See also: Section 5.4.2 - N.Y. State reporting requirements.


   

OMH, OPWDD and OASAS AIDS policies:

   
When research records involve identifiable HIV test results, great care must be exercised to protect the confidentiality of the data. If an audit is to be conducted on such research records, all identifiers should be stripped. If it is absolutely necessary for auditors to have access to identifiable information, (e.g. if the FDA needs to verify that a subject in a drug trial is not fictitious), the IRB should review the procedures and approve such access on a case by case basis. IRBs should consult with their appropriate counsel's office prior to granting such a request.

Every investigator who seeks to use HIV infection as a research exclusion criterion must address the following issues in their IRB application:

 
(1)    
The scientific rationale for the use of HIV status as an exclusion criterion.

   
This may relate to the scientific integrity of the research (e.g.. seeking to exclude from neuropsychological studies subjects who may have CNS involvement), or protection of participants (e.g.. unknown risks to participants with HIV infection of an investigational drug, which there is reason to believe are greater than the unknown risks to anyone else). The rationale must avoid both the appearance and reality of bias - e.g.. if CNS involvement is likely to confound research results, exclusion criteria would also address seizure disorders, Tourette's, Parkinson's, etc.

 
(2)   
Method proposed for determination of HIV status.

   
If HIV testing is part of the screening process the investigator is required (by State law) to provide pre-test and post-test counseling. Pre-test counseling must be done on a separate day from the proposed testing itself, and must include a detailed review of the risks as well as the benefits of testing and a discussion of how the test results will be handled, to whom they will be divulged, etc. The counselor should be trained in such HIV-test counseling. A consent form, approved by the N.Y. State Department of Health is required.
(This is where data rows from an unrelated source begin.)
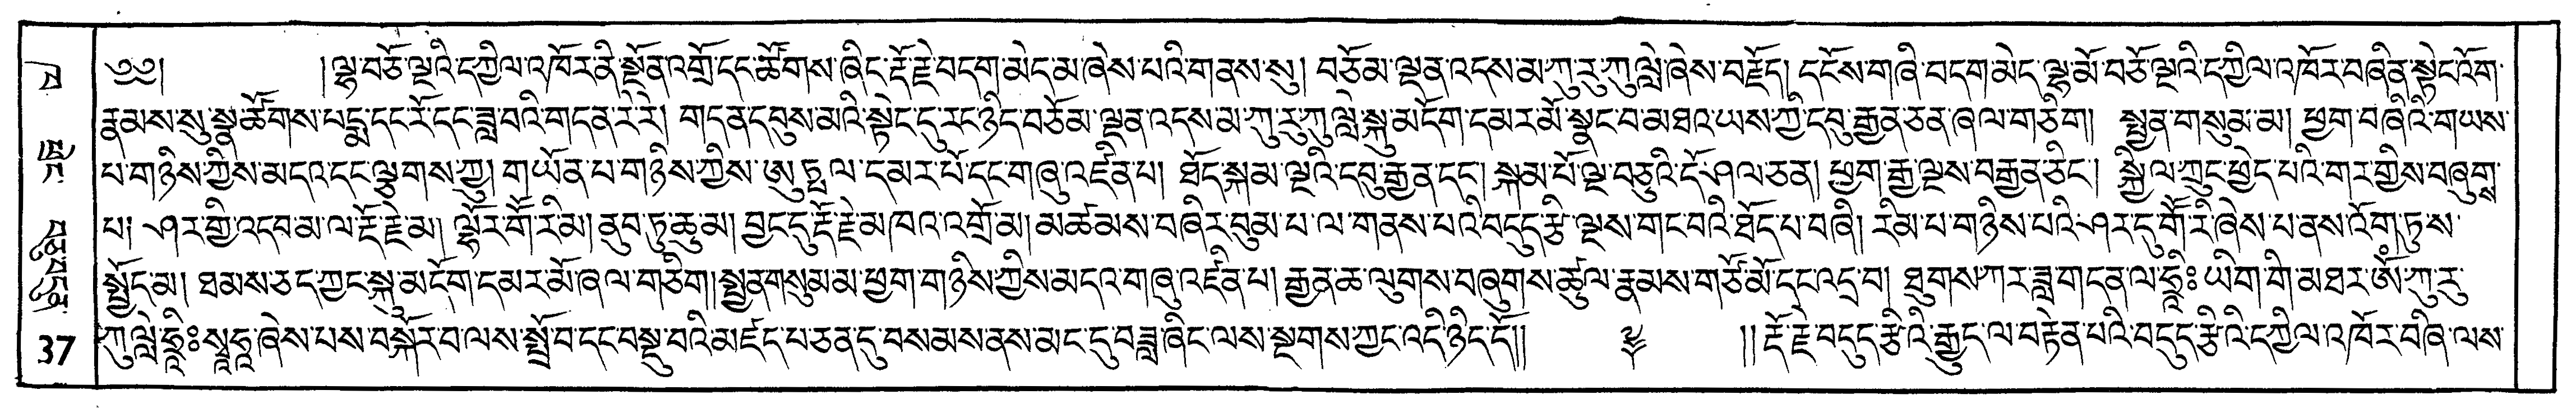༄༅། །ལྷ་བཅོ་ལྔའི་དཀྱིལ་འཁོར་ནི་སྔོན་འགྲོ་དང་ཚོགས་ཞིང་རྡོ་རྗེ་བདག་མེད་མ་ཞེས་པའི་གནས་སུ། བཅོམ་ལྡན་འདས་མ་ཀུ་རུ་ཀུ་ལླེ་ཞེས་བརྗོད། དངོས་གཞི་བདག་མེད་ལྷ་མོ་བཅོ་ལྔའི་དཀྱིལ་འཁོར་བཞིན་སྟེང་འོག་
རྣམས་སུ་སྣ་ཚོགས་པདམ་དང་རོ་དང་ཟླ་བའི་གདན་རེ་རེ། གདན་དབུས་མའི་སྟེང་དུ་རང་ཉིད་བཅོམ་ལྡན་འདས་མ་ཀུ་རུ་ཀུལླེ་སྐུ་མདོག་དམར་མོ་སྣང་བ་མཐའ་ཡས་ཀྱི་དབུ་རྒྱན་ཅན་ཞལ་གཅིག །སྤྱན་གསུམ་མ། ཕྱག་བཞིའི་གཡས་
པ་གཉིས་ཀྱིས་མདའ་དང་ལྕགས་ཀྱུ། གཡོན་པ་གཉིས་ཀྱིས་ཨུཏྤལ་དམར་པོ་དང་གཞུ་འཛིན་པ། ཐོད་སྐམ་ལྔའི་དབུ་རྒྱན་དང་། སྐམ་པོ་ལྔ་བཅུའི་དོ་ཤལ་ཅན། ཕྱག་རྒྱ་ལྔས་བརྒྱན་ཅིང་། སྐྱིལ་ཀྲུང་ཕྱེད་པའི་གར་གྱིས་བཞུགས་
པ། ཤར་གྱི་འདབ་མ་ལ་རྡོ་རྗེ་མ། ལྷོར་གཽ་རི་མ། ནུབ་ཏུ་ཆུ་མ། བྱང་དུ་རྡོ་རྗེ་མཁའ་འགྲོ་མ། མཚམས་བཞིར་བུམ་པ་ལ་གནས་པའི་བདུད་རྩི་ལྔས་གང་བའི་ཐོད་པ་བཞི། རིམ་པ་གཉིས་པའི་ཤར་དུ་གཽ་རི་ཞེས་པ་ནས་འོག་ཏུ་ས་
སྤྱོད་མ། ཐམས་ཅད་ཀྱང་སྐུ་མདོག་དམར་མོ་ཞལ་གཅིག །སྤྱན་གསུམ་མ་ཕྱག་གཉིས་ཀྱིས་མདའ་གཞུ་འཛིན་པ། རྒྱན་ཆ་ལུགས་བཞུགས་ཚུལ་རྣམས་གཙོ་མོ་དང་འདྲ་བ། ཐུགས་ཀར་ཟླ་གདན་ལ་ཧྲཱིཿ ཡིག་གི་མཐར་ཨོཾ་ཀུ་རུ་
ཀུལླེ་ཧྲཱིཿ སྭཱཧཱ་ཞེས་པས་བསྐོར་བ་ལས་སྤྲོ་བ་དང་བསྡུ་བའི་མཛད་པ་ཅན་དུ་བསམས་ནས་མང་དུ་བཟླ་ཞིང་ལས་སྔགས་ཀྱང་འདི་ཉིད་དོ།། ༈ །།རྡོ་རྗེ་བདུད་རྩིའི་རྒྱུད་ལ་བརྟེན་པའི་བདུད་རྩིའི་དཀྱིལ་འཁོར་བཞི་ལས་

Alternatively, the investigator can ask the prospective subject whether he/she has been tested, and whether he/she is willing to share the test results with the investigator.

A detailed description of all procedures relating to HIV testing must be included in the protocol.

 
(3)   
Methods for protecting confidentiality.

   
Will HIV status be recorded at all? If so, where will it be recorded? Is it necessary to retain any identifying information about subjects who are excluded for this reason from the proposed research?  If so, why? If the investigator requests permission to record HIV status and to retain identifying information, what rigorous methods will be used to protect these records from subpoena or review by government regulatory agencies? (See section 5.2 confidentiality certificates).

 
(4)   

Clinical management

   
If a person is to be excluded from a study because he/she is seropositive, what will they be told, by whom, and what alternative options will be offered if the protocol involved treatment? This must be explained in detail.


7.6.1

PHS Supported Research Involving HIV Testing

   


"When HIV testing is conducted or supported by PHS, individuals whose test results are associated with personal identifiers must be informed of their own test results and provided with the opportunity to receive appropriate counseling. This policy applies to all intramural and all extramural PHS activities, including both research and service activities, domestic and foreign." (see exceptions below)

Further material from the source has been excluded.